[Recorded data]
+ + + +

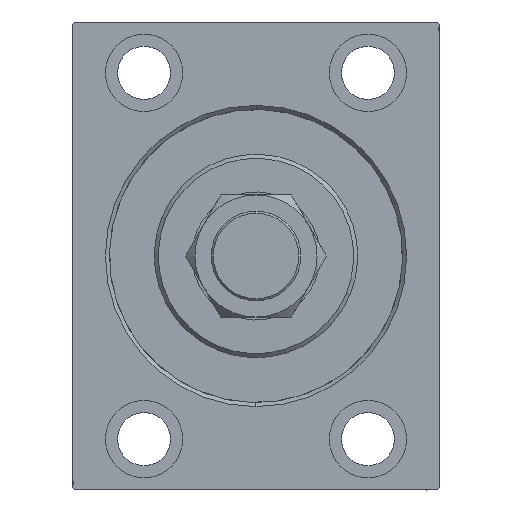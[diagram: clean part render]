
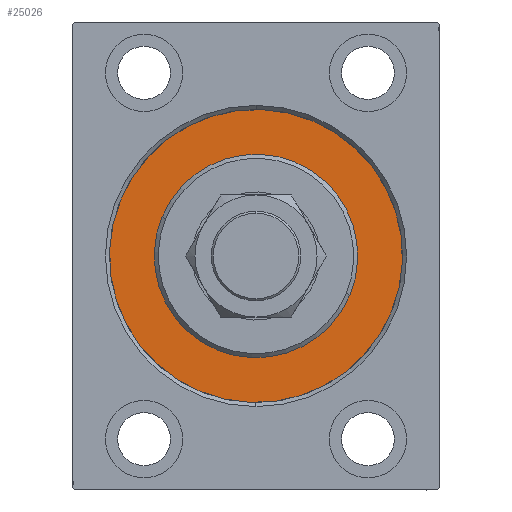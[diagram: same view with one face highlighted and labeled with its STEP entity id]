
A CAD part, left-side view. The second image highlights one B-rep face of the part: STEP entity #25026.
In plain terms, the highlighted face is planar.
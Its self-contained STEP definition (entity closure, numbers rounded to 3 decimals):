
#563 = DIRECTION ( 'NONE',  ( 0., 0., 1. ) ) ;
#1542 = DIRECTION ( 'NONE',  ( 0., 0., 1. ) ) ;
#1909 = CIRCLE ( 'NONE', #40701, 25. ) ;
#3009 = EDGE_LOOP ( 'NONE', ( #39248, #36246 ) ) ;
#3529 = VERTEX_POINT ( 'NONE', #28777 ) ;
#3935 = PLANE ( 'NONE',  #10177 ) ;
#7870 = VERTEX_POINT ( 'NONE', #11388 ) ;
#8258 = CARTESIAN_POINT ( 'NONE',  ( 0., 0., 0. ) ) ;
#8493 = DIRECTION ( 'NONE',  ( 1., 0., 0. ) ) ;
#10177 = AXIS2_PLACEMENT_3D ( 'NONE', #24715, #14425, #14652 ) ;
#11057 = DIRECTION ( 'NONE',  ( -1., 0., 0. ) ) ;
#11388 = CARTESIAN_POINT ( 'NONE',  ( 0., 0., -25. ) ) ;
#11521 = ORIENTED_EDGE ( 'NONE', *, *, #30576, .F. ) ;
#12263 = DIRECTION ( 'NONE',  ( -1., 0., 0. ) ) ;
#14425 = DIRECTION ( 'NONE',  ( -1., 0., 0. ) ) ;
#14652 = DIRECTION ( 'NONE',  ( 0., 0., 1. ) ) ;
#15244 = ORIENTED_EDGE ( 'NONE', *, *, #30731, .F. ) ;
#16702 = AXIS2_PLACEMENT_3D ( 'NONE', #8258, #8493, #33452 ) ;
#18948 = CIRCLE ( 'NONE', #16702, 25. ) ;
#19804 = AXIS2_PLACEMENT_3D ( 'NONE', #32524, #11057, #563 ) ;
#20888 = DIRECTION ( 'NONE',  ( 0., 0., -1. ) ) ;
#24300 = AXIS2_PLACEMENT_3D ( 'NONE', #41202, #12263, #1542 ) ;
#24715 = CARTESIAN_POINT ( 'NONE',  ( 0., 0., 0. ) ) ;
#25026 = ADVANCED_FACE ( 'NONE', ( #27505, #41769 ), #3935, .F. ) ;
#25743 = VERTEX_POINT ( 'NONE', #39149 ) ;
#26075 = CARTESIAN_POINT ( 'NONE',  ( 0., 0., -36. ) ) ;
#26840 = EDGE_CURVE ( 'NONE', #7870, #25743, #18948, .T. ) ;
#27505 = FACE_BOUND ( 'NONE', #3009, .T. ) ;
#28777 = CARTESIAN_POINT ( 'NONE',  ( 0., 0., 36. ) ) ;
#30576 = EDGE_CURVE ( 'NONE', #35690, #3529, #31726, .T. ) ;
#30731 = EDGE_CURVE ( 'NONE', #3529, #35690, #30982, .T. ) ;
#30982 = CIRCLE ( 'NONE', #19804, 36. ) ;
#31145 = EDGE_CURVE ( 'NONE', #25743, #7870, #1909, .T. ) ;
#31726 = CIRCLE ( 'NONE', #24300, 36. ) ;
#32524 = CARTESIAN_POINT ( 'NONE',  ( 0., 0., 0. ) ) ;
#33452 = DIRECTION ( 'NONE',  ( 0., 0., -1. ) ) ;
#35690 = VERTEX_POINT ( 'NONE', #26075 ) ;
#36246 = ORIENTED_EDGE ( 'NONE', *, *, #26840, .F. ) ;
#38624 = DIRECTION ( 'NONE',  ( 1., 0., 0. ) ) ;
#39149 = CARTESIAN_POINT ( 'NONE',  ( 0., 0., 25. ) ) ;
#39248 = ORIENTED_EDGE ( 'NONE', *, *, #31145, .F. ) ;
#40701 = AXIS2_PLACEMENT_3D ( 'NONE', #43304, #38624, #20888 ) ;
#41202 = CARTESIAN_POINT ( 'NONE',  ( 0., 0., 0. ) ) ;
#41769 = FACE_OUTER_BOUND ( 'NONE', #45025, .T. ) ;
#43304 = CARTESIAN_POINT ( 'NONE',  ( 0., 0., 0. ) ) ;
#45025 = EDGE_LOOP ( 'NONE', ( #11521, #15244 ) ) ;

+ + + +

## Task
Without the pictures, write out every entry exactly as it appears.

## Result of this exercise
[diagram: clean part render]
[diagram: same view with one face highlighted and labeled with its STEP entity id]
A CAD part, left-side view. The second image highlights one B-rep face of the part: STEP entity #25026.
In plain terms, the highlighted face is planar.
Its self-contained STEP definition (entity closure, numbers rounded to 3 decimals):
#563 = DIRECTION ( 'NONE',  ( 0., 0., 1. ) ) ;
#1542 = DIRECTION ( 'NONE',  ( 0., 0., 1. ) ) ;
#1909 = CIRCLE ( 'NONE', #40701, 25. ) ;
#3009 = EDGE_LOOP ( 'NONE', ( #39248, #36246 ) ) ;
#3529 = VERTEX_POINT ( 'NONE', #28777 ) ;
#3935 = PLANE ( 'NONE',  #10177 ) ;
#7870 = VERTEX_POINT ( 'NONE', #11388 ) ;
#8258 = CARTESIAN_POINT ( 'NONE',  ( 0., 0., 0. ) ) ;
#8493 = DIRECTION ( 'NONE',  ( 1., 0., 0. ) ) ;
#10177 = AXIS2_PLACEMENT_3D ( 'NONE', #24715, #14425, #14652 ) ;
#11057 = DIRECTION ( 'NONE',  ( -1., 0., 0. ) ) ;
#11388 = CARTESIAN_POINT ( 'NONE',  ( 0., 0., -25. ) ) ;
#11521 = ORIENTED_EDGE ( 'NONE', *, *, #30576, .F. ) ;
#12263 = DIRECTION ( 'NONE',  ( -1., 0., 0. ) ) ;
#14425 = DIRECTION ( 'NONE',  ( -1., 0., 0. ) ) ;
#14652 = DIRECTION ( 'NONE',  ( 0., 0., 1. ) ) ;
#15244 = ORIENTED_EDGE ( 'NONE', *, *, #30731, .F. ) ;
#16702 = AXIS2_PLACEMENT_3D ( 'NONE', #8258, #8493, #33452 ) ;
#18948 = CIRCLE ( 'NONE', #16702, 25. ) ;
#19804 = AXIS2_PLACEMENT_3D ( 'NONE', #32524, #11057, #563 ) ;
#20888 = DIRECTION ( 'NONE',  ( 0., 0., -1. ) ) ;
#24300 = AXIS2_PLACEMENT_3D ( 'NONE', #41202, #12263, #1542 ) ;
#24715 = CARTESIAN_POINT ( 'NONE',  ( 0., 0., 0. ) ) ;
#25026 = ADVANCED_FACE ( 'NONE', ( #27505, #41769 ), #3935, .F. ) ;
#25743 = VERTEX_POINT ( 'NONE', #39149 ) ;
#26075 = CARTESIAN_POINT ( 'NONE',  ( 0., 0., -36. ) ) ;
#26840 = EDGE_CURVE ( 'NONE', #7870, #25743, #18948, .T. ) ;
#27505 = FACE_BOUND ( 'NONE', #3009, .T. ) ;
#28777 = CARTESIAN_POINT ( 'NONE',  ( 0., 0., 36. ) ) ;
#30576 = EDGE_CURVE ( 'NONE', #35690, #3529, #31726, .T. ) ;
#30731 = EDGE_CURVE ( 'NONE', #3529, #35690, #30982, .T. ) ;
#30982 = CIRCLE ( 'NONE', #19804, 36. ) ;
#31145 = EDGE_CURVE ( 'NONE', #25743, #7870, #1909, .T. ) ;
#31726 = CIRCLE ( 'NONE', #24300, 36. ) ;
#32524 = CARTESIAN_POINT ( 'NONE',  ( 0., 0., 0. ) ) ;
#33452 = DIRECTION ( 'NONE',  ( 0., 0., -1. ) ) ;
#35690 = VERTEX_POINT ( 'NONE', #26075 ) ;
#36246 = ORIENTED_EDGE ( 'NONE', *, *, #26840, .F. ) ;
#38624 = DIRECTION ( 'NONE',  ( 1., 0., 0. ) ) ;
#39149 = CARTESIAN_POINT ( 'NONE',  ( 0., 0., 25. ) ) ;
#39248 = ORIENTED_EDGE ( 'NONE', *, *, #31145, .F. ) ;
#40701 = AXIS2_PLACEMENT_3D ( 'NONE', #43304, #38624, #20888 ) ;
#41202 = CARTESIAN_POINT ( 'NONE',  ( 0., 0., 0. ) ) ;
#41769 = FACE_OUTER_BOUND ( 'NONE', #45025, .T. ) ;
#43304 = CARTESIAN_POINT ( 'NONE',  ( 0., 0., 0. ) ) ;
#45025 = EDGE_LOOP ( 'NONE', ( #11521, #15244 ) ) ;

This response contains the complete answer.